DATA UNDER STUDY:

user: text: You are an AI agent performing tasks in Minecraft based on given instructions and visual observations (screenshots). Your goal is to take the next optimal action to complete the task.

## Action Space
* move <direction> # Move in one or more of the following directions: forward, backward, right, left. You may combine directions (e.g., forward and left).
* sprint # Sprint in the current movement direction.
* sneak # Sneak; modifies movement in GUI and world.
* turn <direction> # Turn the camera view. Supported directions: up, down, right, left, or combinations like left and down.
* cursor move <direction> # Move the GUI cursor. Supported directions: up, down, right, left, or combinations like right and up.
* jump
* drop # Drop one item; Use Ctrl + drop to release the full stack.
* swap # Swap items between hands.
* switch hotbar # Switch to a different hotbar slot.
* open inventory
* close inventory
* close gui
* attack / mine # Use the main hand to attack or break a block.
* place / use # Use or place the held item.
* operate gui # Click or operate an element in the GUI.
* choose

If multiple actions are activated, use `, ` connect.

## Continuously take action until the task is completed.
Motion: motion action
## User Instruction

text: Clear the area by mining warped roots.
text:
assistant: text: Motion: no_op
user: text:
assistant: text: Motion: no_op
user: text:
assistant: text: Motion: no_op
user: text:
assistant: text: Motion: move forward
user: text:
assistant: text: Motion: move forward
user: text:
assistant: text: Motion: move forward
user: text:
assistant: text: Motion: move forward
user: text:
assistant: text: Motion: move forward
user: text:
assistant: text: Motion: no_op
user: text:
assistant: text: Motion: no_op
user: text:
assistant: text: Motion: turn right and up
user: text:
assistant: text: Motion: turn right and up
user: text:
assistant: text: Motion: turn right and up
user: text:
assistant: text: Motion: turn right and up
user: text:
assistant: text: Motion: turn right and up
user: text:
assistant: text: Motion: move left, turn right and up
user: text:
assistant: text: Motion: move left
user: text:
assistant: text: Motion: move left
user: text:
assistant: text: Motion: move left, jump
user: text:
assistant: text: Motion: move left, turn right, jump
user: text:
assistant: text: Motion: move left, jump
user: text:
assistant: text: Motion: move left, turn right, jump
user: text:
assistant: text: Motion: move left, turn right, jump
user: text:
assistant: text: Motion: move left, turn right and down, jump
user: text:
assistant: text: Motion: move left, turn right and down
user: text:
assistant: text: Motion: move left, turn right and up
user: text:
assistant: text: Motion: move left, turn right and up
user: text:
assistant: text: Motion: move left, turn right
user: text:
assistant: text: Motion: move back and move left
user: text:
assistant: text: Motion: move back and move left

WHAT THE TASK ASKS: Among the lines above, find those holding "like" and copy each one.

WRITTEN RESPONSE:
* turn <direction> # Turn the camera view. Supported directions: up, down, right, left, or combinations like left and down.
* cursor move <direction> # Move the GUI cursor. Supported directions: up, down, right, left, or combinations like right and up.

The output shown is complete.